Chris: Well, I think my entire life and throughout my childhood, so much of my identity has been shaped by women in media. I mean, that's who I looked to. I don't understand what a gay or queer sensibility is. I don't know where it comes from. But I do ask myself sometimes why as a kid living in the suburbs of Connecticut, a child of Lebanese immigrants, I became obsessed with Judy Garland and The Wizard of Oz at five years old. I couldn't get over it after the first time I saw it and I was obsessed with the ruby slippers and all these signifiers that are considered traditionally gay, classically gay. But how the hell could I have possibly known that, you know? It's some memetic memory, some predisposition. It's almost like if there's a gay gene—it's somehow tied into a certain kind of woman, and I've found those women my whole life. It's apparent that Gaga is one of those women. And I think she always was, right out of the gate. Right when she hatched. She was alway gonna be held really close to the hearts of gay people and part of this tradition that nobody is really able to explain.
Bobby: I've grown up working with her. I've been working with her for almost ten years. But you know—a funny thing for me, with Chris talking about worshipping Judy Garland since he was five—Britney Spears was always my queen, since age 13. I'm a true fan of that iconic sort of pop queen, and I think that informed a lot of who I am today.

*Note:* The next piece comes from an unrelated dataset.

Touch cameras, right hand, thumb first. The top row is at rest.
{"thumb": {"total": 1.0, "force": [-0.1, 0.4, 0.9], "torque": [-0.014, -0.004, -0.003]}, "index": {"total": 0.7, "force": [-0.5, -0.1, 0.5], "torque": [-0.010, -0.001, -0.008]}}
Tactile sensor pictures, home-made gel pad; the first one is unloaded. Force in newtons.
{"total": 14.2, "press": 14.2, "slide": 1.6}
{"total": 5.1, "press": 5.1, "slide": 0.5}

Somehow by some miracle I've found myself getting to work with my own pop queen. It's also like I get to deliver to millions of kids all around the world what Brittney did to me at 14. For me, that's the ultimate blessing in all of this.

The montages in the film take the viewer through the different iterations of Gaga's career. How conscious or un-conscious have those new identities been for her?

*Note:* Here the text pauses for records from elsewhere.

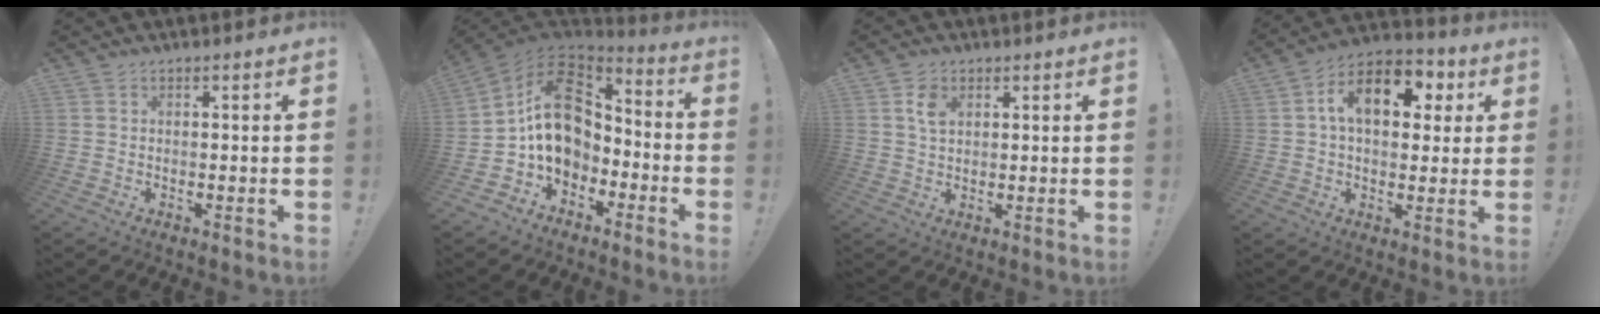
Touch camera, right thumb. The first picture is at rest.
{"total": 16.6, "force": [2.2, 12.4, 10.8], "torque": [-0.175, 0.007, 0.046]}
{"total": 4.5, "force": [1.9, 2.9, 2.9], "torque": [-0.046, -0.001, 0.033]}
{"total": 14.7, "force": [4.1, 9.0, 11.0], "torque": [-0.172, 0.007, 0.072]}
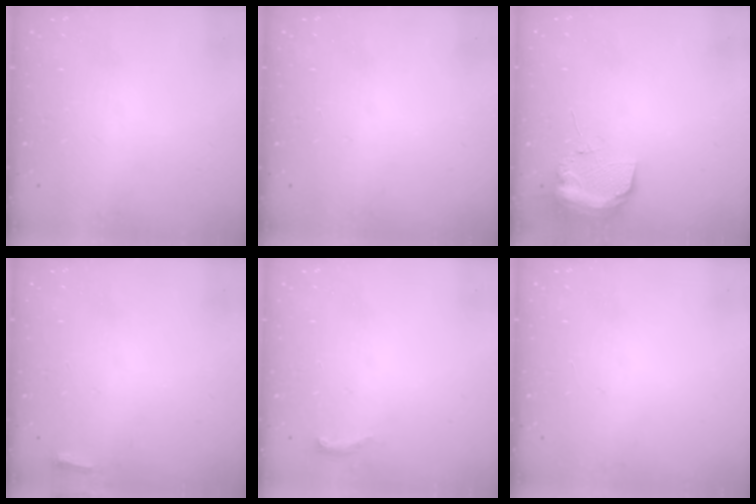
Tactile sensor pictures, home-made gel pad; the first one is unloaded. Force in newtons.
{"total": 0.0}
{"total": 9.5, "press": 9.4, "slide": 1.0}
{"total": 2.7, "press": 2.6, "slide": 0.9}
{"total": 6.9, "press": 2.8, "slide": 6.3}
{"total": 0.0}
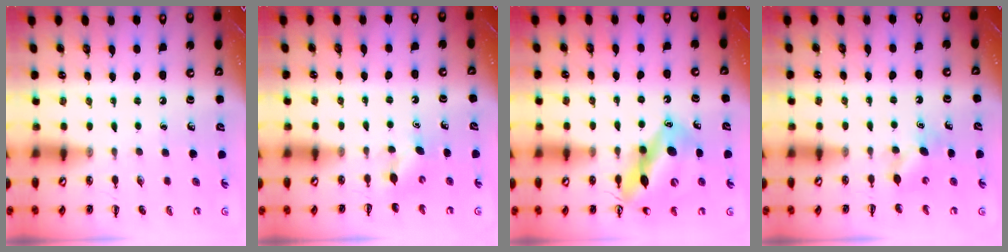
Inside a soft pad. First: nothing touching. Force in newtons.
{"total": 3.3, "press": 3.2, "slide": 0.9}
{"total": 13.8, "press": 13.2, "slide": 3.8}
{"total": 4.1, "press": 3.9, "slide": 1.3}
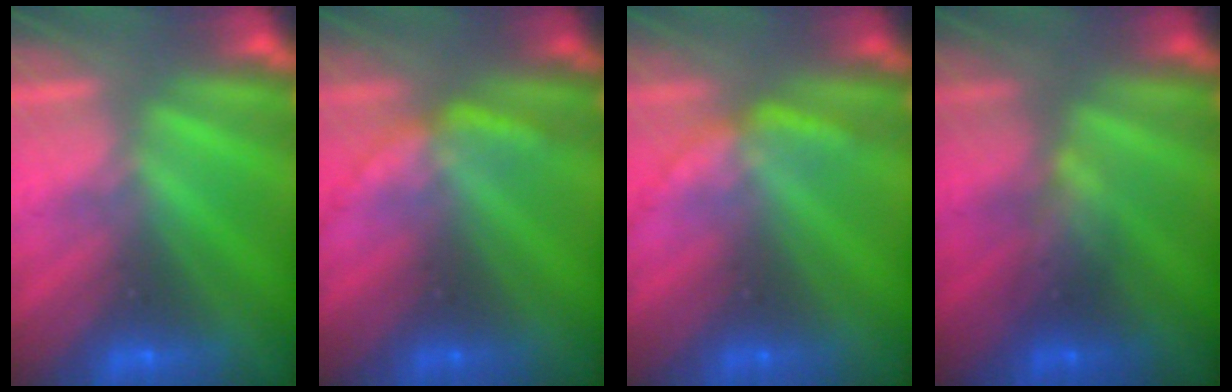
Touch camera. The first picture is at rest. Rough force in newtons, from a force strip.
{"total": 2.1}
{"total": 2.1}
{"total": 2.3}
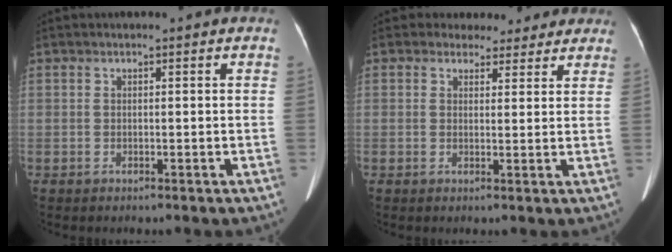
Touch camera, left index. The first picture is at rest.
{"total": 6.6, "force": [5.7, 3.4, 0.2], "torque": [0.025, -0.006, 0.054]}
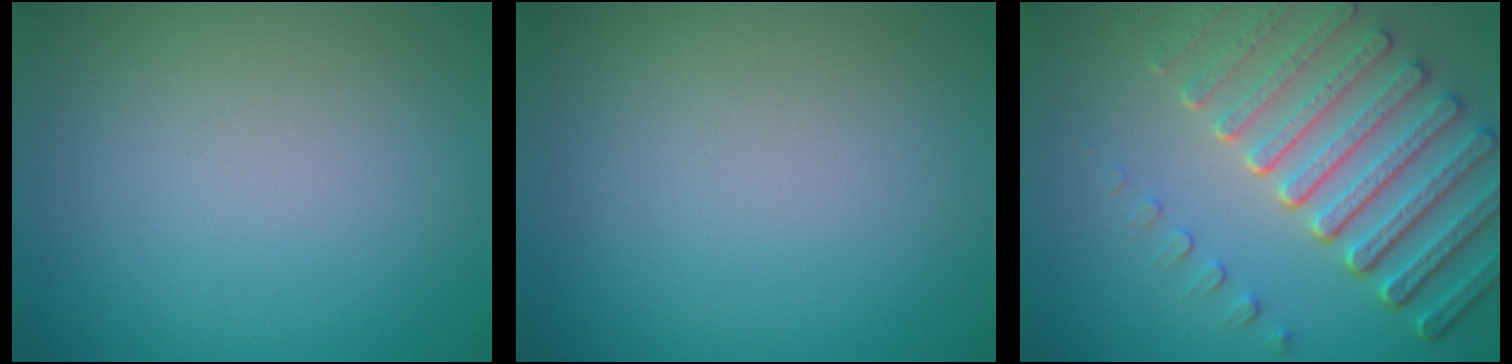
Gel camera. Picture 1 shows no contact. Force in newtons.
{"total": 0.0}
{"total": 7.8, "press": 5.8, "slide": 5.3}
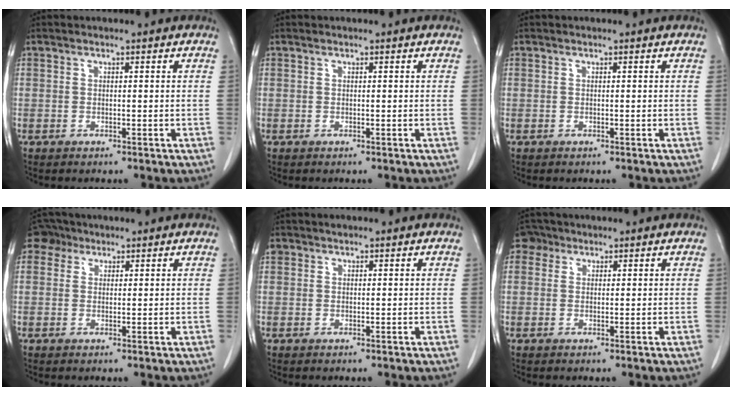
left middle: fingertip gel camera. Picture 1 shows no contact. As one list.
[{"total": 0.0}, {"total": 0.0}, {"total": 2.7, "force": [1.8, 2.0, 0.2], "torque": [-0.004, 0.011, 0.028]}, {"total": 1.0, "force": [0.7, 0.7, 0.2], "torque": [-0.006, 0.012, 0.014]}, {"total": 2.3, "force": [1.3, 1.8, 0.3], "torque": [-0.003, 0.007, 0.020]}]

Bobby: From my perspective, it's this weird clash of being totally intentional in every little detail while also being completely authentic to who and where she is at that time. With Joanne for instance, people talk a lot about it being her coming back to her roots. But her roots aren't from the country. She has family from West Virginia, but her roots aren't there. She was born and raised in New York City. But at that time, who she felt like as a woman happened to be just that.

I think that from the very beginning—whether it's her in some crazy outfit or just a jeans and T-shirt—she's always managed to express what she's feeling. Each generation of her career becomes a cloak or shield she uses to relate to the world. And what I love about this film is that you get to learn a bit about all that. There's always a reason behind everything she does. For her, it's not always intentional. It's her revealing who she really is.

Interview has been condensed and edited.